On the Wire: Network Capture Tools for API Developers

Lane LiaBraaten, Google Data APIs team
June 2007

Introduction

Developing applications that interact with web services poses a unique set of problems. A common source of frustration is not knowing exactly what message was sent to the server, or what response was received.

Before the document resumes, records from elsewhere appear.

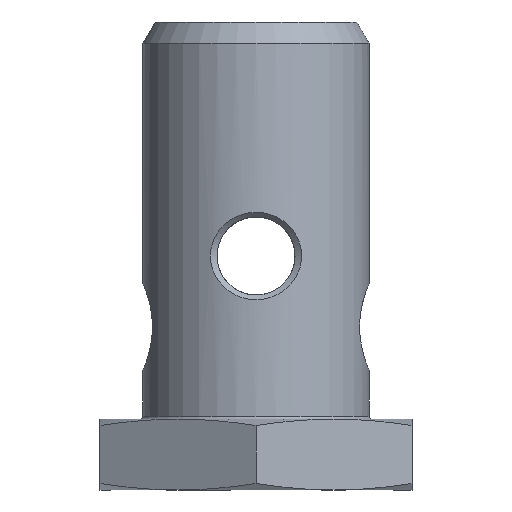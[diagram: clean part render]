
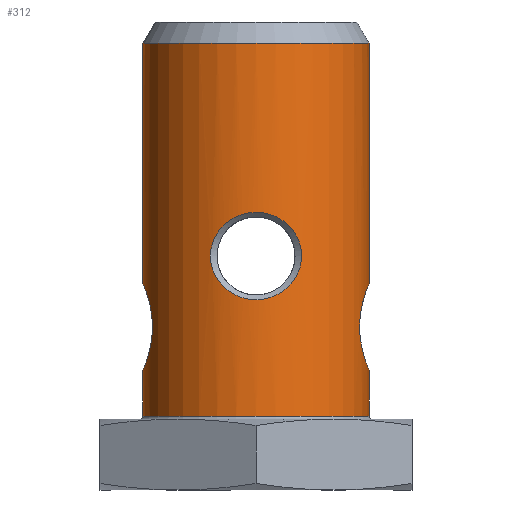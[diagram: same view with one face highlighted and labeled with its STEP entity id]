
A CAD part, front view. The second image highlights one B-rep face of the part: STEP entity #312.
In plain terms, the highlighted cylindrical face has radius 7.98 mm (diameter 15.96 mm), a full revolution.
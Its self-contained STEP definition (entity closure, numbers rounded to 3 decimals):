
#145=CARTESIAN_POINT('',(-3.214,-7.304,11.5));
#146=VERTEX_POINT('',#145);
#179=CARTESIAN_POINT('',(-3.214,-7.304,11.5));
#180=CARTESIAN_POINT('',(-3.214,-7.304,11.346));
#181=CARTESIAN_POINT('',(-3.197,-7.312,11.014));
#182=CARTESIAN_POINT('',(-2.99,-7.402,10.268));
#183=CARTESIAN_POINT('',(-2.549,-7.568,9.577));
#184=CARTESIAN_POINT('',(-1.849,-7.78,8.911));
#185=CARTESIAN_POINT('',(-0.755,-7.988,8.4));
#186=CARTESIAN_POINT('',(1.263,-7.996,8.397));
#187=CARTESIAN_POINT('',(2.878,-7.466,9.641));
#188=CARTESIAN_POINT('',(3.326,-7.249,11.5));
#189=CARTESIAN_POINT('',(2.88,-7.469,13.358));
#190=CARTESIAN_POINT('',(1.26,-7.994,14.604));
#191=CARTESIAN_POINT('',(-0.756,-7.988,14.599));
#192=CARTESIAN_POINT('',(-1.848,-7.78,14.09));
#193=CARTESIAN_POINT('',(-2.549,-7.568,13.423));
#194=CARTESIAN_POINT('',(-2.99,-7.402,12.732));
#195=CARTESIAN_POINT('',(-3.197,-7.311,11.986));
#196=CARTESIAN_POINT('',(-3.214,-7.304,11.654));
#197=CARTESIAN_POINT('',(-3.214,-7.304,11.5));
#198=B_SPLINE_CURVE_WITH_KNOTS('',3,(#179,#180,#181,#182,#183,#184,#185,#186,#187,#188,#189,#190,#191,#192,#193,#194,#195,#196,#197),.UNSPECIFIED.,.T.,.U.,(4,1,1,1,1,1,1,1,1,1,1,1,1,1,1,1,4),(-1.944,-1.875,-1.805,-1.736,-1.667,-1.528,-1.389,-1.111,-0.972,-0.833,-0.556,-0.417,-0.278,-0.208,-0.139,-0.069,0.0),.UNSPECIFIED.);
#199=EDGE_CURVE('',#146,#146,#198,.T.);
#204=CARTESIAN_POINT('',(0.0,0.0,0.0));
#205=DIRECTION('',(0.0,0.0,1.0));
#206=DIRECTION('',(-1.0,0.0,0.0));
#207=AXIS2_PLACEMENT_3D('',#204,#205,#206);
#208=CYLINDRICAL_SURFACE('',#207,7.98);
#209=CARTESIAN_POINT('',(7.98,0.,0.2));
#210=VERTEX_POINT('',#209);
#211=CARTESIAN_POINT('',(0.0,0.0,0.2));
#212=DIRECTION('',(0.0,0.0,-1.0));
#213=DIRECTION('',(-1.0,0.0,0.0));
#214=AXIS2_PLACEMENT_3D('',#211,#212,#213);
#215=CIRCLE('',#214,7.98);
#216=EDGE_CURVE('',#210,#210,#215,.T.);
#217=ORIENTED_EDGE('',*,*,#216,.F.);
#218=EDGE_LOOP('',(#217));
#219=FACE_OUTER_BOUND('',#218,.T.);
#220=CARTESIAN_POINT('',(-3.214,7.304,11.5));
#221=VERTEX_POINT('',#220);
#222=CARTESIAN_POINT('',(-3.214,7.304,11.5));
#223=CARTESIAN_POINT('',(-3.214,7.304,11.654));
#224=CARTESIAN_POINT('',(-3.197,7.312,11.986));
#225=CARTESIAN_POINT('',(-2.99,7.402,12.732));
#226=CARTESIAN_POINT('',(-2.549,7.568,13.423));
#227=CARTESIAN_POINT('',(-1.849,7.78,14.089));
#228=CARTESIAN_POINT('',(-0.755,7.988,14.6));
#229=CARTESIAN_POINT('',(1.263,7.996,14.603));
#230=CARTESIAN_POINT('',(2.878,7.466,13.359));
#231=CARTESIAN_POINT('',(3.326,7.249,11.5));
#232=CARTESIAN_POINT('',(2.88,7.469,9.641));
#233=CARTESIAN_POINT('',(1.261,7.994,8.397));
#234=CARTESIAN_POINT('',(-0.755,7.988,8.4));
#235=CARTESIAN_POINT('',(-1.849,7.78,8.911));
#236=CARTESIAN_POINT('',(-2.549,7.568,9.577));
#237=CARTESIAN_POINT('',(-2.99,7.402,10.268));
#238=CARTESIAN_POINT('',(-3.197,7.311,11.014));
#239=CARTESIAN_POINT('',(-3.214,7.304,11.346));
#240=CARTESIAN_POINT('',(-3.214,7.304,11.5));
#241=B_SPLINE_CURVE_WITH_KNOTS('',3,(#222,#223,#224,#225,#226,#227,#228,#229,#230,#231,#232,#233,#234,#235,#236,#237,#238,#239,#240),.UNSPECIFIED.,.T.,.U.,(4,1,1,1,1,1,1,1,1,1,1,1,1,1,1,1,4),(-1.944,-1.875,-1.805,-1.736,-1.667,-1.528,-1.389,-1.111,-0.972,-0.833,-0.556,-0.417,-0.278,-0.208,-0.139,-0.069,0.0),.UNSPECIFIED.);
#242=EDGE_CURVE('',#221,#221,#241,.T.);
#243=ORIENTED_EDGE('',*,*,#242,.F.);
#244=EDGE_LOOP('',(#243));
#245=FACE_BOUND('',#244,.T.);
#246=CARTESIAN_POINT('',(7.304,3.214,6.5));
#247=VERTEX_POINT('',#246);
#248=CARTESIAN_POINT('',(7.304,3.214,6.5));
#249=CARTESIAN_POINT('',(7.304,3.214,6.654));
#250=CARTESIAN_POINT('',(7.312,3.197,6.986));
#251=CARTESIAN_POINT('',(7.402,2.99,7.732));
#252=CARTESIAN_POINT('',(7.568,2.549,8.423));
#253=CARTESIAN_POINT('',(7.78,1.849,9.089));
#254=CARTESIAN_POINT('',(7.988,0.755,9.6));
#255=CARTESIAN_POINT('',(7.996,-1.263,9.603));
#256=CARTESIAN_POINT('',(7.466,-2.878,8.359));
#257=CARTESIAN_POINT('',(7.249,-3.326,6.5));
#258=CARTESIAN_POINT('',(7.469,-2.88,4.641));
#259=CARTESIAN_POINT('',(7.994,-1.261,3.397));
#260=CARTESIAN_POINT('',(7.988,0.755,3.4));
#261=CARTESIAN_POINT('',(7.78,1.849,3.911));
#262=CARTESIAN_POINT('',(7.568,2.549,4.577));
#263=CARTESIAN_POINT('',(7.402,2.99,5.268));
#264=CARTESIAN_POINT('',(7.311,3.197,6.014));
#265=CARTESIAN_POINT('',(7.304,3.214,6.346));
#266=CARTESIAN_POINT('',(7.304,3.214,6.5));
#267=B_SPLINE_CURVE_WITH_KNOTS('',3,(#248,#249,#250,#251,#252,#253,#254,#255,#256,#257,#258,#259,#260,#261,#262,#263,#264,#265,#266),.UNSPECIFIED.,.T.,.U.,(4,1,1,1,1,1,1,1,1,1,1,1,1,1,1,1,4),(-1.944,-1.875,-1.805,-1.736,-1.667,-1.528,-1.389,-1.111,-0.972,-0.833,-0.556,-0.417,-0.278,-0.208,-0.139,-0.069,0.0),.UNSPECIFIED.);
#268=EDGE_CURVE('',#247,#247,#267,.T.);
#269=ORIENTED_EDGE('',*,*,#268,.F.);
#270=EDGE_LOOP('',(#269));
#271=FACE_BOUND('',#270,.T.);
#272=CARTESIAN_POINT('',(7.98,0.,26.5));
#273=VERTEX_POINT('',#272);
#274=CARTESIAN_POINT('',(0.0,0.0,26.5));
#275=DIRECTION('',(0.0,0.0,1.0));
#276=DIRECTION('',(-1.0,0.0,0.0));
#277=AXIS2_PLACEMENT_3D('',#274,#275,#276);
#278=CIRCLE('',#277,7.98);
#279=EDGE_CURVE('',#273,#273,#278,.T.);
#280=ORIENTED_EDGE('',*,*,#279,.F.);
#281=EDGE_LOOP('',(#280));
#282=FACE_BOUND('',#281,.T.);
#283=CARTESIAN_POINT('',(-7.304,3.214,6.5));
#284=VERTEX_POINT('',#283);
#285=CARTESIAN_POINT('',(-7.304,3.214,6.5));
#286=CARTESIAN_POINT('',(-7.304,3.214,6.346));
#287=CARTESIAN_POINT('',(-7.312,3.197,6.014));
#288=CARTESIAN_POINT('',(-7.402,2.99,5.268));
#289=CARTESIAN_POINT('',(-7.568,2.549,4.577));
#290=CARTESIAN_POINT('',(-7.78,1.849,3.911));
#291=CARTESIAN_POINT('',(-7.988,0.755,3.4));
#292=CARTESIAN_POINT('',(-7.996,-1.263,3.397));
#293=CARTESIAN_POINT('',(-7.466,-2.878,4.641));
#294=CARTESIAN_POINT('',(-7.249,-3.326,6.5));
#295=CARTESIAN_POINT('',(-7.469,-2.88,8.359));
#296=CARTESIAN_POINT('',(-7.994,-1.261,9.603));
#297=CARTESIAN_POINT('',(-7.988,0.755,9.6));
#298=CARTESIAN_POINT('',(-7.78,1.849,9.089));
#299=CARTESIAN_POINT('',(-7.568,2.549,8.423));
#300=CARTESIAN_POINT('',(-7.402,2.99,7.732));
#301=CARTESIAN_POINT('',(-7.311,3.197,6.986));
#302=CARTESIAN_POINT('',(-7.304,3.214,6.654));
#303=CARTESIAN_POINT('',(-7.304,3.214,6.5));
#304=B_SPLINE_CURVE_WITH_KNOTS('',3,(#285,#286,#287,#288,#289,#290,#291,#292,#293,#294,#295,#296,#297,#298,#299,#300,#301,#302,#303),.UNSPECIFIED.,.T.,.U.,(4,1,1,1,1,1,1,1,1,1,1,1,1,1,1,1,4),(-1.944,-1.875,-1.805,-1.736,-1.667,-1.528,-1.389,-1.111,-0.972,-0.833,-0.556,-0.417,-0.278,-0.208,-0.139,-0.069,0.0),.UNSPECIFIED.);
#305=EDGE_CURVE('',#284,#284,#304,.T.);
#306=ORIENTED_EDGE('',*,*,#305,.F.);
#307=EDGE_LOOP('',(#306));
#308=FACE_BOUND('',#307,.T.);
#309=ORIENTED_EDGE('',*,*,#199,.F.);
#310=EDGE_LOOP('',(#309));
#311=FACE_BOUND('',#310,.T.);
#312=ADVANCED_FACE('',(#219,#245,#271,#282,#308,#311),#208,.T.);

Some of the most difficult bugs to track down are caused by a disconnect between what we think we're sending to the server, and what is actually going across the wire.

This article introduces several tools that can help make the data on the wire more visible and useful. Commonly called "packet sniffers," these tools capture all network packets that move across your network interface. Examining the contents of these packets and the order in which they were sent and received can be a useful debugging technique.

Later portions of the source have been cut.